In a decisive move to accelerate Europe’s agroecological transition, the “Biosolutions for Sustainable Agriculture” thematic Partnership was officially launched on 17 June 2025 in Brussels during the Europea Smart Specialisation Strategies (S3) conference. Coordinated by Wagralim (Belgium), this initiative unites 10 innovation clusters across 20 NUST 2 regions in seven EU countries.
Why Now? Context & strategic framework
This network stems from the European Commission's Smart Specialisation on Agri-food, a platform designed to foster interregional innovation partnerships (Thematic Smart Specialisation Partnerships, TSSPs) across Europe. Established in 2025, the Biosolutions partnership promotes biocontrol, biostimulants, and biofertilisers within the EU Green Deal, Farm to Fork strategy, and Soil Mission framework. Rooted in a One Health approach, the scheme connects plant, animal, and human health to ensure ecological resilience and economic competitiveness.
Mission et objectives
The core mission: to scale up European biosolutions and place Europe at the forefront of green biotech. The goals include:
- Accelerating market readiness of biosolutions
- Fostering public-private investment across regions
- Coordinating training, regulatory alignment, and experimentation
- Creating a centralised European Biosolutions Hub to unify innovation, policy and market entry efforts
Aligned with major S3 priorities, the partnership builds upon themes like soil health, digital agri-tech, circular bioeconomy, and green innovation.
Main activities & structure
The partnership will unfold through four strategic pillars: Innovation, Investment, Training, and Regulatory Support
Major initiatives include:
- Joint R&D and living labs led by regional networks
- Facilitating innovation, investment, training and policy recommendation
- Mobilising EU funding via Horizon Europe, Interreg, Interregional innovation investment (I3), and etc.

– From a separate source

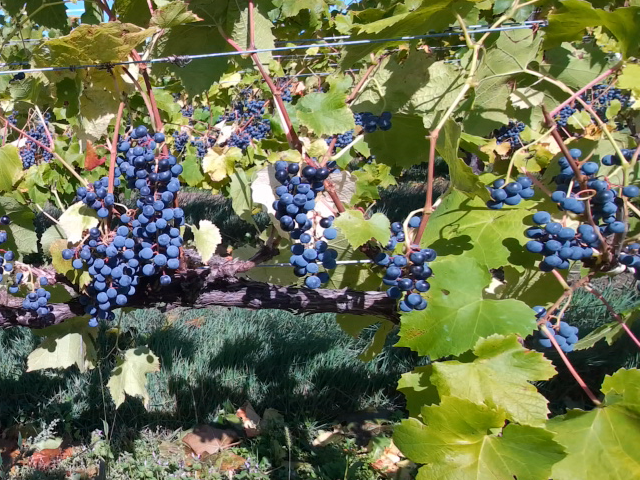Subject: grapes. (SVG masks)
Masks as SVG:
<instances>
[{"instance_id":"grapes-1","label":"grapes","mask_w":640,"mask_h":480,"mask_svg":"<svg viewBox=\"0 0 640 480\" xmlns=\"http://www.w3.org/2000/svg\"><path fill=\"white\" fill-rule=\"evenodd\" d=\"M163 141L165 135L162 132L148 134V128L144 124L134 127L125 139L119 134L117 151L125 153V157L116 158L113 185H120L122 175L128 180L127 187L137 188L141 196L135 202V206L140 209L137 219L133 220L131 215L122 213L119 221L122 224L131 223L132 235L144 239L141 244L135 243L132 237H127L130 233L127 226H120L115 231L113 241L108 245L101 244V230L98 227L88 232L89 240L82 246L79 258L72 261L71 267L80 270L84 267V260H87V272L92 276L93 283L86 287L89 297L81 294L78 303L86 307L85 312L92 317L87 320L90 328L99 325L97 317L107 321L115 318V314L109 310L111 306L127 304V296H133L135 286L139 282L137 273L140 271L141 260L152 259V263L142 266L145 276L153 275L156 266H165L167 269H177L180 266L178 257L184 238L178 228L168 223L176 219V225L182 227L186 223L185 211L181 207L173 209L166 206L182 187V181L178 176L183 172V165L177 163L175 155L169 154L166 159L158 162L159 172L155 171V164L151 162L155 157L153 151L156 143ZM148 181L167 183L157 189L159 199L156 201L153 196L155 189L148 185ZM158 230L162 233L158 235L157 243L165 249L164 253L155 254L149 238ZM90 248L105 256L108 261L91 255Z\"/></svg>"},{"instance_id":"grapes-2","label":"grapes","mask_w":640,"mask_h":480,"mask_svg":"<svg viewBox=\"0 0 640 480\" xmlns=\"http://www.w3.org/2000/svg\"><path fill=\"white\" fill-rule=\"evenodd\" d=\"M298 163L277 161L274 164V179L280 184L274 188V195L279 200L272 202L275 219L280 222V229L289 232V237L301 243H309L311 237L307 231L313 226V221L307 219V213L316 207L317 191L324 190V178L331 174L340 173L335 168L337 162L329 160L319 169L305 165L301 175L307 182H301L299 176L290 177L298 172Z\"/></svg>"},{"instance_id":"grapes-3","label":"grapes","mask_w":640,"mask_h":480,"mask_svg":"<svg viewBox=\"0 0 640 480\" xmlns=\"http://www.w3.org/2000/svg\"><path fill=\"white\" fill-rule=\"evenodd\" d=\"M532 222L542 227H529L524 231L528 240L525 249L530 253L546 256L539 264L541 272H550L555 267L567 269L570 261H580L591 257L595 249L602 247L598 237L588 224L579 225L575 231L571 226H563L560 222H552L547 211H538L532 215Z\"/></svg>"},{"instance_id":"grapes-4","label":"grapes","mask_w":640,"mask_h":480,"mask_svg":"<svg viewBox=\"0 0 640 480\" xmlns=\"http://www.w3.org/2000/svg\"><path fill=\"white\" fill-rule=\"evenodd\" d=\"M437 252L434 249H420L413 251L409 255V260L413 264L410 267L409 274L414 279L403 278L404 269L402 267L408 264V259L401 254L394 255L392 258L387 253H378L374 257L376 265L386 266V275L382 279L384 285H392L386 290V296L391 300L398 299L402 291H412L404 296L399 302V309L403 312L424 311L427 308V300L418 293H427L430 290V284L427 279L434 275V270L424 262L433 263L436 260Z\"/></svg>"},{"instance_id":"grapes-5","label":"grapes","mask_w":640,"mask_h":480,"mask_svg":"<svg viewBox=\"0 0 640 480\" xmlns=\"http://www.w3.org/2000/svg\"><path fill=\"white\" fill-rule=\"evenodd\" d=\"M289 263L292 272L297 278H303L306 287L319 288L329 281V274L326 271H319L317 261L322 262V267L333 270L336 267L338 252L335 249H328L325 240H316L311 247L294 243L290 247Z\"/></svg>"},{"instance_id":"grapes-6","label":"grapes","mask_w":640,"mask_h":480,"mask_svg":"<svg viewBox=\"0 0 640 480\" xmlns=\"http://www.w3.org/2000/svg\"><path fill=\"white\" fill-rule=\"evenodd\" d=\"M583 175L587 176V186L596 189L591 197L592 212L595 221L604 222L600 225L599 230L604 237H611L613 234H621L624 230V221L616 220L615 213L623 206V200L617 198L619 191L616 188L607 189V181L605 179H596L595 173L599 171L597 162H587L580 167Z\"/></svg>"},{"instance_id":"grapes-7","label":"grapes","mask_w":640,"mask_h":480,"mask_svg":"<svg viewBox=\"0 0 640 480\" xmlns=\"http://www.w3.org/2000/svg\"><path fill=\"white\" fill-rule=\"evenodd\" d=\"M558 165L561 173L554 178L556 189L551 194V201L557 203V208L560 211H572L575 215H581L586 211L582 198L577 194L581 189V182L578 179L573 181L574 187L570 190L569 198H567L575 171L565 156L558 159Z\"/></svg>"},{"instance_id":"grapes-8","label":"grapes","mask_w":640,"mask_h":480,"mask_svg":"<svg viewBox=\"0 0 640 480\" xmlns=\"http://www.w3.org/2000/svg\"><path fill=\"white\" fill-rule=\"evenodd\" d=\"M505 184L503 178L496 179L487 187L490 197L496 201L489 200L487 206L490 209H501L504 205L519 206L521 199H531L536 196V191L532 188L533 179L528 176H518L515 183Z\"/></svg>"},{"instance_id":"grapes-9","label":"grapes","mask_w":640,"mask_h":480,"mask_svg":"<svg viewBox=\"0 0 640 480\" xmlns=\"http://www.w3.org/2000/svg\"><path fill=\"white\" fill-rule=\"evenodd\" d=\"M93 188L96 193L89 192L85 187H79L76 195L87 207H90L93 212H97V216L100 219H104V217H108L110 206L115 202L114 195L106 191L108 188V177L103 176L101 181H95Z\"/></svg>"},{"instance_id":"grapes-10","label":"grapes","mask_w":640,"mask_h":480,"mask_svg":"<svg viewBox=\"0 0 640 480\" xmlns=\"http://www.w3.org/2000/svg\"><path fill=\"white\" fill-rule=\"evenodd\" d=\"M565 318V313H563L560 317V323L558 324V329L554 328V322L546 321V328L552 336L553 340L556 342V345L559 349L565 353L569 354L571 351L575 349V344L578 342V334L579 328L577 326H571L569 323L563 321Z\"/></svg>"},{"instance_id":"grapes-11","label":"grapes","mask_w":640,"mask_h":480,"mask_svg":"<svg viewBox=\"0 0 640 480\" xmlns=\"http://www.w3.org/2000/svg\"><path fill=\"white\" fill-rule=\"evenodd\" d=\"M51 298V293L45 288H37L35 292L25 295L22 307L25 310H34L39 316H47L51 308L47 306V300Z\"/></svg>"},{"instance_id":"grapes-12","label":"grapes","mask_w":640,"mask_h":480,"mask_svg":"<svg viewBox=\"0 0 640 480\" xmlns=\"http://www.w3.org/2000/svg\"><path fill=\"white\" fill-rule=\"evenodd\" d=\"M392 118V114L390 112H383L381 116L372 115L370 112H364L360 115V122L363 125L362 130L371 134L377 128L381 132H387L392 127V122L390 119Z\"/></svg>"},{"instance_id":"grapes-13","label":"grapes","mask_w":640,"mask_h":480,"mask_svg":"<svg viewBox=\"0 0 640 480\" xmlns=\"http://www.w3.org/2000/svg\"><path fill=\"white\" fill-rule=\"evenodd\" d=\"M390 232L396 235L390 236V241L387 243V250L393 251L397 247L399 241H403L405 239L403 223L400 221H393L390 224Z\"/></svg>"},{"instance_id":"grapes-14","label":"grapes","mask_w":640,"mask_h":480,"mask_svg":"<svg viewBox=\"0 0 640 480\" xmlns=\"http://www.w3.org/2000/svg\"><path fill=\"white\" fill-rule=\"evenodd\" d=\"M334 221L335 217L333 215L319 219V227L323 229V236L327 241H333L338 237V231L331 227Z\"/></svg>"},{"instance_id":"grapes-15","label":"grapes","mask_w":640,"mask_h":480,"mask_svg":"<svg viewBox=\"0 0 640 480\" xmlns=\"http://www.w3.org/2000/svg\"><path fill=\"white\" fill-rule=\"evenodd\" d=\"M15 259V254L11 250H6L3 255L0 254V266L4 264L5 261H13ZM4 270L6 272H11L13 270V264L11 262H6L2 267H0V282L4 280Z\"/></svg>"},{"instance_id":"grapes-16","label":"grapes","mask_w":640,"mask_h":480,"mask_svg":"<svg viewBox=\"0 0 640 480\" xmlns=\"http://www.w3.org/2000/svg\"><path fill=\"white\" fill-rule=\"evenodd\" d=\"M539 338L537 339V344L544 349H552L554 347V343L551 341V338L545 335L542 330H539Z\"/></svg>"},{"instance_id":"grapes-17","label":"grapes","mask_w":640,"mask_h":480,"mask_svg":"<svg viewBox=\"0 0 640 480\" xmlns=\"http://www.w3.org/2000/svg\"><path fill=\"white\" fill-rule=\"evenodd\" d=\"M24 277V274L22 272L17 273L14 276V281L16 283H13L9 288H8V292L12 295H16L19 291H20V286L18 284H20L22 282V278Z\"/></svg>"},{"instance_id":"grapes-18","label":"grapes","mask_w":640,"mask_h":480,"mask_svg":"<svg viewBox=\"0 0 640 480\" xmlns=\"http://www.w3.org/2000/svg\"><path fill=\"white\" fill-rule=\"evenodd\" d=\"M532 311H535V313H538V314H535L536 322H538L539 319H541L545 314H547V309L540 305L533 306Z\"/></svg>"},{"instance_id":"grapes-19","label":"grapes","mask_w":640,"mask_h":480,"mask_svg":"<svg viewBox=\"0 0 640 480\" xmlns=\"http://www.w3.org/2000/svg\"><path fill=\"white\" fill-rule=\"evenodd\" d=\"M621 152L624 154L626 161L629 162L632 159L633 155L637 153V149L635 147H632L630 149L622 148Z\"/></svg>"}]
</instances>

The initiative tackles critical obstacles:
- Fragmented regulation and inconsistent market access
- Low SME absorption and slow innovation diffusion
- Insufficient interregional coordination
By marshaling resources and stakeholders across regions—and using a quadruple-helix model (public, private, research, civil society)—the network aims to overcome these hurdles. It offers a scalable blueprint for delivering EU Green Deal targets, pesticide reduction (‑50% by 2030), and agroecological resilience.
A theme already very present at Wagralim
For Wagralim, the European S3 initiative on biosolutions for sustainable agriculture represents a natural extension of the regional AgriBioCare working group. Building on this foundation, it adopts a bottom-up approach to ensure that regional expertise, priorities, and challenges are effectively translated and integrated into the European innovation agenda. This initiative aims to foster cross-regional collaboration, promote shared solutions to common agricultural sustainability challenges, and enhance the visibility and impact of Wallonia’s agri-food ecosystem at the EU level.